El corpulento irlandés acogió su ofrecimiento con un seco asentimiento. Alargó la mano y tomó el cigarrillo, imitando a Kate. No era su marca favorita, pero menos daba una piedra. Tras encender una cerilla y prender el tabaco, la mente de John retrocedió una semana. Había sido una semana tranquila. Sólo seis cadáveres habían llegado a su mesa. Tres varones de raza oriental y una mujer y otros dos varones de raza negra. Ninguno coincidía con el cuerpo presente en las fotos de Kate. Evidentemente, no era el único forense de Nueva Orleans. Había otros cuatro compañeros en el cuerpo de policía. Quién sabía cuántos no-oficiales además de éstos, en una ciudad como aquélla. Casi masticando la boquilla del cigarrillo, intentó recordar si había visto ese rostro muerto aquella semana, y en la mesa de quién.
- Lo siento -dijo, finalmente, exhalando humo-, pero no me suena de nada. Y si hace tanto tiempo... pues pregúntales a los gusanos.

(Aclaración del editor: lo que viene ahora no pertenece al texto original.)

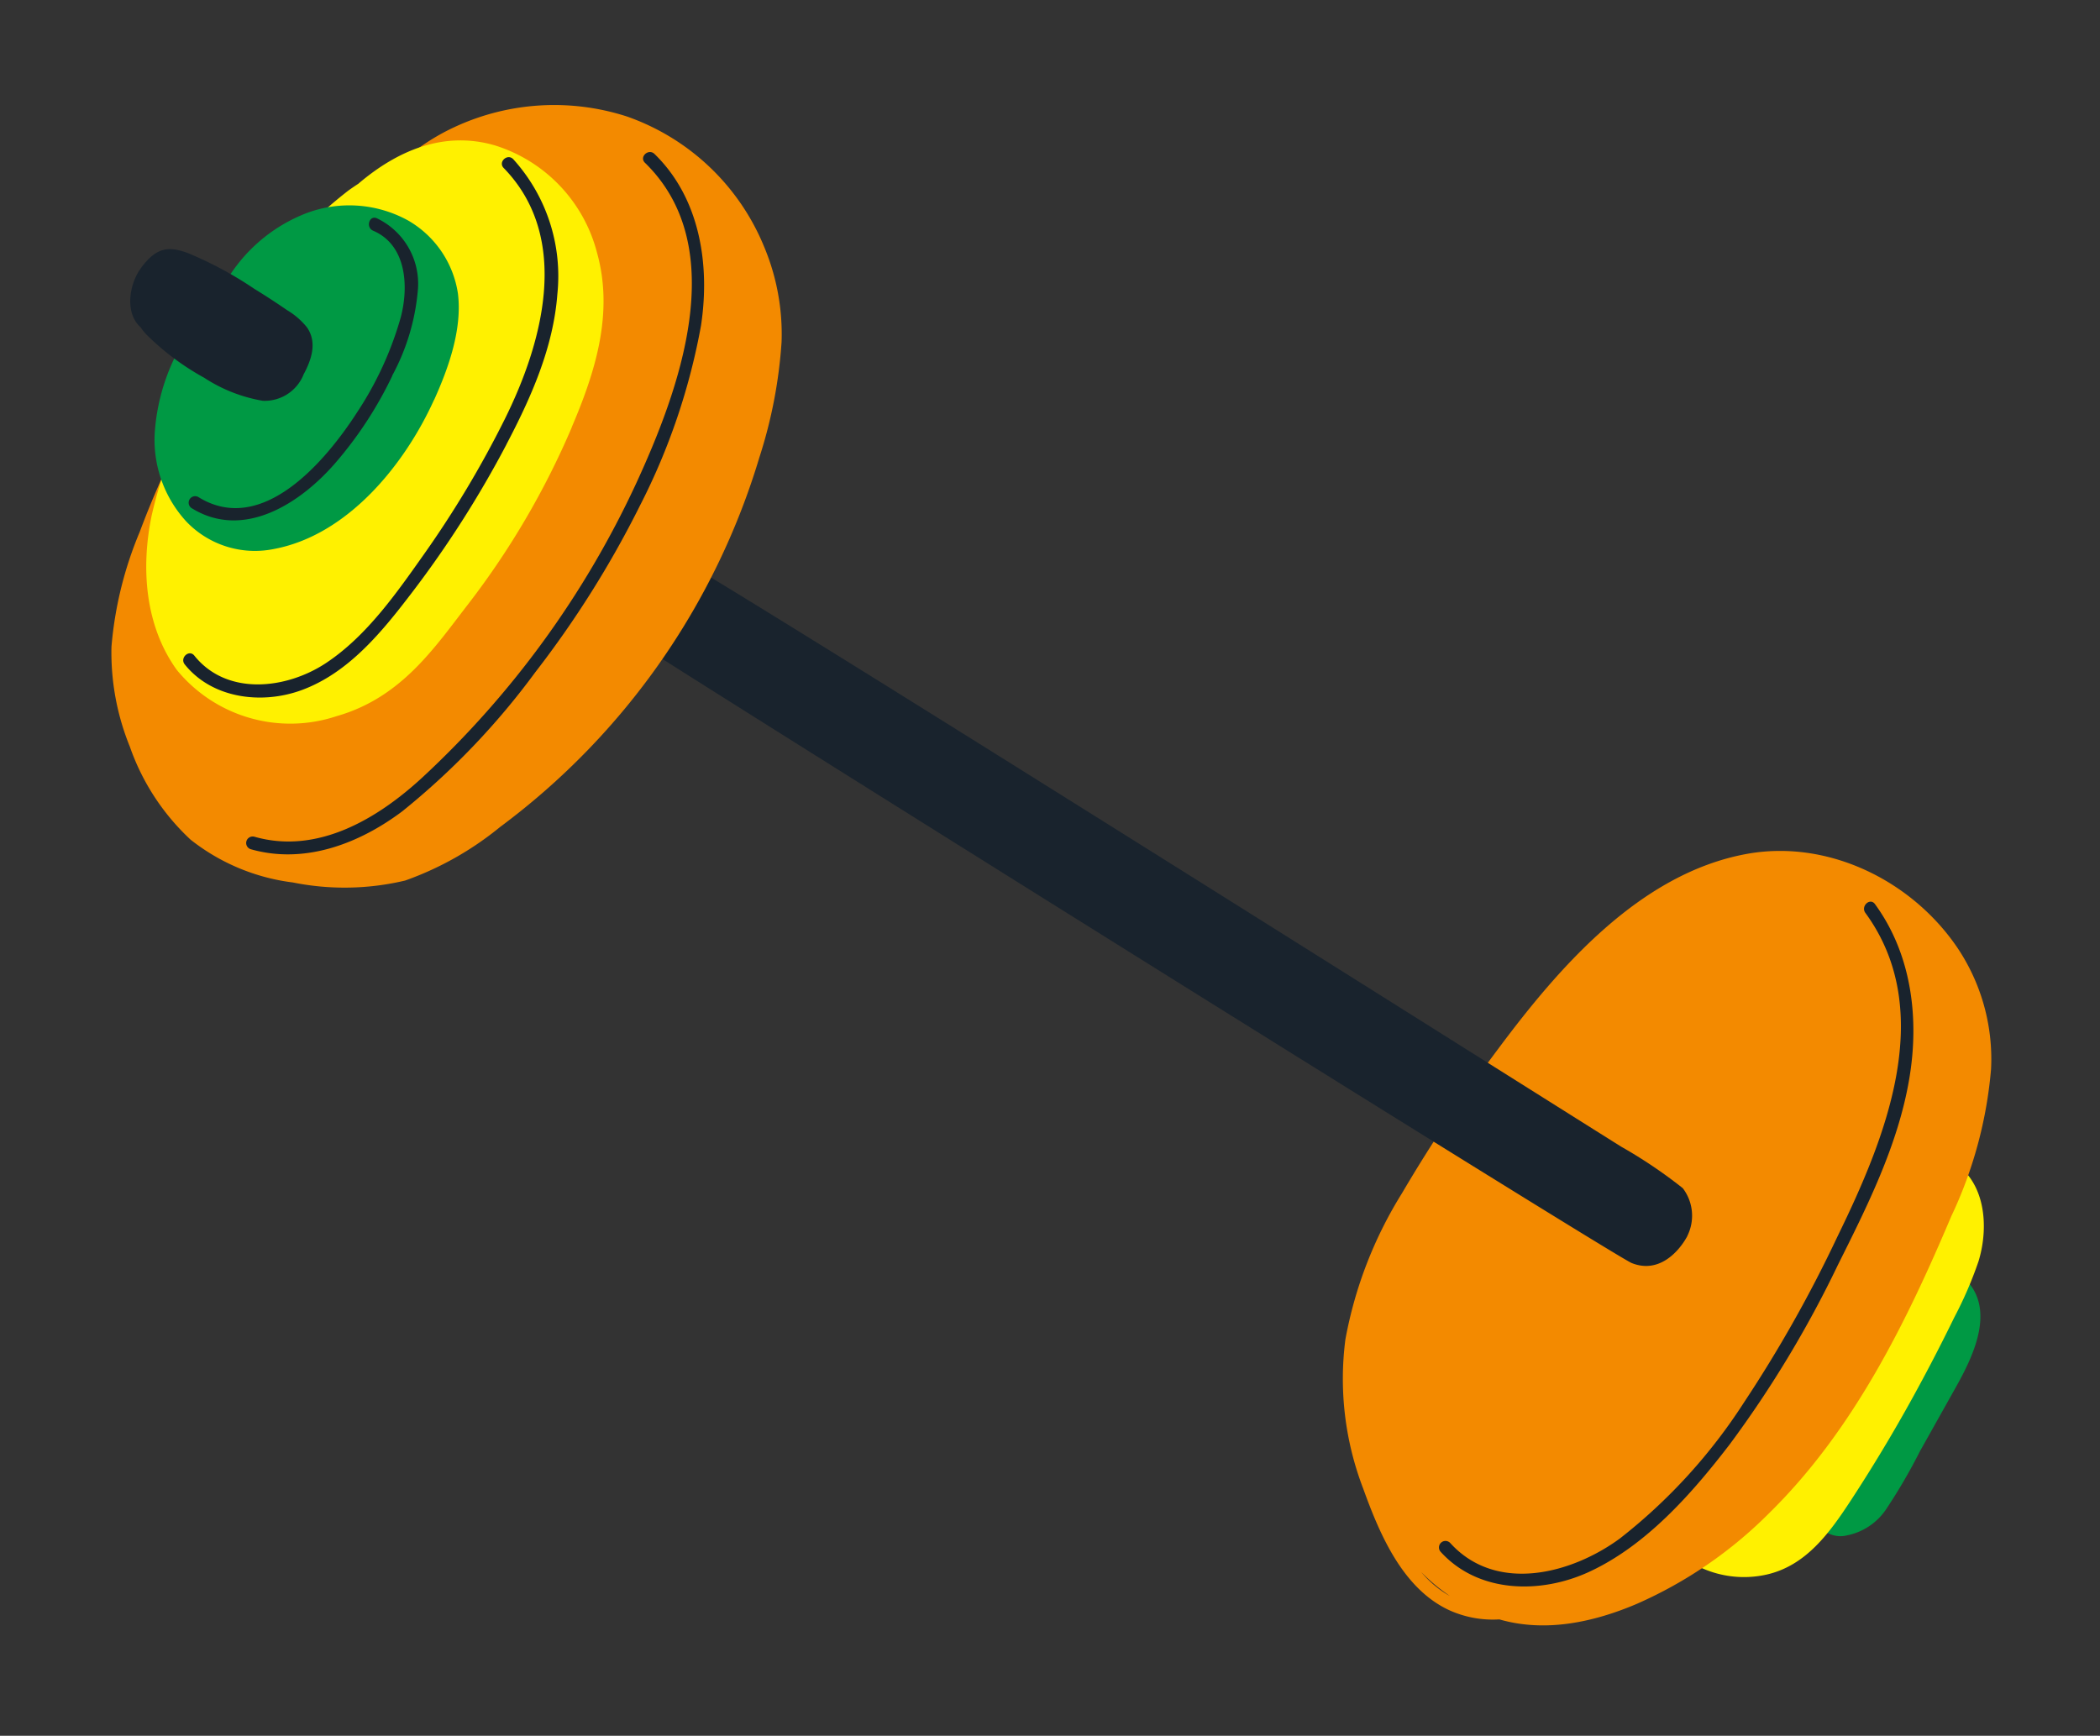 <svg xmlns="http://www.w3.org/2000/svg" width="145.586" height="120.354"><rect width="100%" height="100%" fill="#333333" stroke="none"/><g data-name="グループ 44096"><path data-name="パス 312889" d="M133.138 100.565l2.448-4.366c1.266-2.258 2.897-5.633.416-7.733-.373-.316-.91.078-.789.433q-2.744 4.063-5.3 8.255-1.322 2.17-2.588 4.373c-.388.677-.787 1.35-1.155 2.038a2.638 2.638 0 00-.42 1.465 1.885 1.885 0 002.29 1.431 4.279 4.279 0 002.763-1.879 38.868 38.868 0 002.33-4.015" fill="#094"/><path data-name="パス 312890" d="M133.27 95.671q1.15-2.143 2.216-4.33a27.034 27.034 0 001.677-3.881c.781-2.548.46-5.91-2.254-7.17-.499-.231-.962.46-.532.729a165.975 165.975 0 01-18.125 25.954c-.143.168-.228.463-.027.637a7.162 7.162 0 006.241 1.569c2.755-.62 4.387-2.92 5.848-5.145a109.836 109.836 0 004.957-8.366" fill="#fff100"/><path data-name="パス 312891" d="M135.277 84.331a29.641 29.641 0 002.756-10.2 13.838 13.838 0 00-2.332-8.415c-3.174-4.683-9.014-7.55-14.666-6.496-7.342 1.37-12.927 7.809-17.16 13.492a106.78 106.78 0 00-6.685 10.032 29.026 29.026 0 00-3.918 10.13 21.242 21.242 0 001.24 10.358c1.144 3.17 2.75 6.965 6.02 8.443a7.321 7.321 0 003.414.61c3.18.918 6.5.207 9.498-1.063a29.965 29.965 0 009.218-6.316c5.808-5.709 9.478-13.166 12.616-20.577m-36.74 24.685a12.864 12.864 0 001.976 1.647 5.077 5.077 0 01-.283-.164 7.285 7.285 0 01-1.693-1.482" fill="#f38a00"/><path data-name="パス 312892" d="M116.973 85.705a3.15 3.15 0 00-.309-3.317 33.32 33.32 0 00-4.247-2.866c-1.463-.898-64.168-40.452-65.794-41.027a3.39 3.39 0 00-1.822-.279c-.062.08-.122.152-.18.23a21.483 21.483 0 00-2.392 4.226 2.444 2.444 0 00.698 1.026 9.312 9.312 0 001.147.805c1.33.97 67.73 42.54 69.043 43.072 1.875.757 3.264-.761 3.862-1.869" fill="#19232d"/><path data-name="パス 312893" d="M52.657 31.679a32.976 32.976 0 001.527-7.97 15.653 15.653 0 00-1.21-6.601 15.982 15.982 0 00-9.509-9.03 16.383 16.383 0 00-12.713 1.11 15.678 15.678 0 00-2.685 1.825.447.447 0 00-.112.138 15.507 15.507 0 00-2.939 2.815 59.78 59.78 0 00-15.33 22.916 26.141 26.141 0 00-1.958 7.962 17.311 17.311 0 001.274 6.928 15.977 15.977 0 004.215 6.452 14.292 14.292 0 007.086 2.964 18.164 18.164 0 007.785-.133 22.013 22.013 0 006.59-3.72A49.708 49.708 0 0052.656 31.68" fill="#f38a00"/><path data-name="パス 312894" d="M39.636 29.622c1.652-3.866 2.925-7.94 1.746-12.128a10.56 10.56 0 00-7.046-7.405c-3.571-1.053-6.817.367-9.497 2.654q-.342.221-.67.456a30.87 30.87 0 00-8.554 10.277c-1.075 1.935-2.035 3.934-2.934 5.956a31.467 31.467 0 00-2.162 6.29c-.756 3.62-.485 7.646 1.739 10.73a10.174 10.174 0 0011.071 3.207c4.488-1.28 6.764-4.71 9.123-7.763a56.194 56.194 0 007.19-12.271" fill="#fff100"/><path data-name="パス 312895" d="M30.094 27.731c1.002-2.212 1.955-4.896 1.655-7.364a7.057 7.057 0 00-3.45-5.075 8.444 8.444 0 00-7.066-.508 11.127 11.127 0 00-5.721 5.002 25.885 25.885 0 00-2.333 3.166 14.2 14.2 0 00-2.451 7.05 8.374 8.374 0 002.179 6.149 6.572 6.572 0 006.047 1.922c5.134-.943 9.096-5.842 11.135-10.345" fill="#094"/><path data-name="パス 312896" d="M21.037 25.981c.552-1.023.972-2.232.246-3.28a5.141 5.141 0 00-1.387-1.2q-1.109-.765-2.258-1.469a25.813 25.813 0 00-4.65-2.5c-1.23-.435-2.114-.463-3.224 1.067-.837 1.151-1.11 3.14-.006 4.105a3.254 3.254 0 00.414.513 17.908 17.908 0 003.979 2.973 10.7 10.7 0 004.07 1.6 2.905 2.905 0 002.82-1.81" fill="#19232d"/><path data-name="パス 312897" d="M44.36 35.07a44.887 44.887 0 004.239-12.499c.636-4.201-.064-8.82-3.224-11.896-.415-.404-1.08.205-.664.61 6.05 5.891 2.353 15.813-.63 22.281a65.138 65.138 0 01-14.795 20.337c-3.104 2.866-7.27 5.362-11.64 4.116a.451.451 0 00-.257.865c3.73 1.062 7.509-.385 10.495-2.626a51.543 51.543 0 009.228-9.649 69.634 69.634 0 007.248-11.538" fill="#19232d"/><path data-name="パス 312898" d="M27.185 26.054a15.149 15.149 0 001.793-6.05 5.03 5.03 0 00-2.852-4.87c-.532-.228-.787.637-.257.863 2.327.994 2.47 3.876 1.919 5.987a23.483 23.483 0 01-3.036 6.612c-2.126 3.3-6.559 8.637-11.01 5.862a.451.451 0 00-.477.763c3.646 2.28 7.631-.374 10.03-3.172a26.987 26.987 0 003.9-5.99" fill="#19232d"/><path data-name="パス 312899" d="M35.107 30.818c1.707-3.249 3.256-6.718 3.533-10.424a12.08 12.08 0 00-3.06-9.358c-.404-.415-1.065.196-.663.61 4.713 4.84 2.711 12.122.066 17.44a71.166 71.166 0 01-5.593 9.349c-1.919 2.716-3.996 5.7-6.817 7.557-2.727 1.794-6.845 2.284-9.101-.533-.364-.454-1.026.16-.664.61 1.908 2.38 5.352 2.789 8.095 1.785 3.292-1.206 5.615-4.089 7.674-6.788A72.427 72.427 0 0035.11 30.82" fill="#19232d"/><path data-name="パス 312900" d="M127.38 87.778c2.054-4.107 4.19-8.349 4.972-12.911.723-4.198.195-8.674-2.368-12.18-.342-.469-1.003.147-.664.61 5.022 6.871 1.335 15.74-1.943 22.459A91.07 91.07 0 01120.9 97.25a38.176 38.176 0 01-8.607 9.432c-3.35 2.453-8.56 3.82-11.75.31a.451.451 0 00-.665.61c2.621 2.885 6.93 2.932 10.274 1.395 3.973-1.828 7.147-5.439 9.757-8.84a76.1 76.1 0 007.472-12.378" fill="#19232d"/></g></svg>

Kate inhaló profundamente el humo del cigarro, saboreándolo. Tamborileó en la mesa con los dedos de uñas cortas un par de veces, luego se mordió los labios. Sonrió, burlona, y algo de la frescura que brillaba en sus ojos antes de David se filtró por ellos en ese momento.
El trabajo estaba muy bien pagado. Cinco mil malditos dólares, una pequeña fortuna, sin duda. La anciana tía de la víctima tenía mucho interés en averiguar qué le había pasado al único miembro de su familia que se acordaba de ella por algo que no fuera dinero. Por no mentar lo sospechoso del asunto... y el hecho de que esos asesinados que Kate creía relacionados con el caso merecían justicia.
- John, corazón -dijo, escogiendo las palabras-. ¿Todavía tienes tu pala?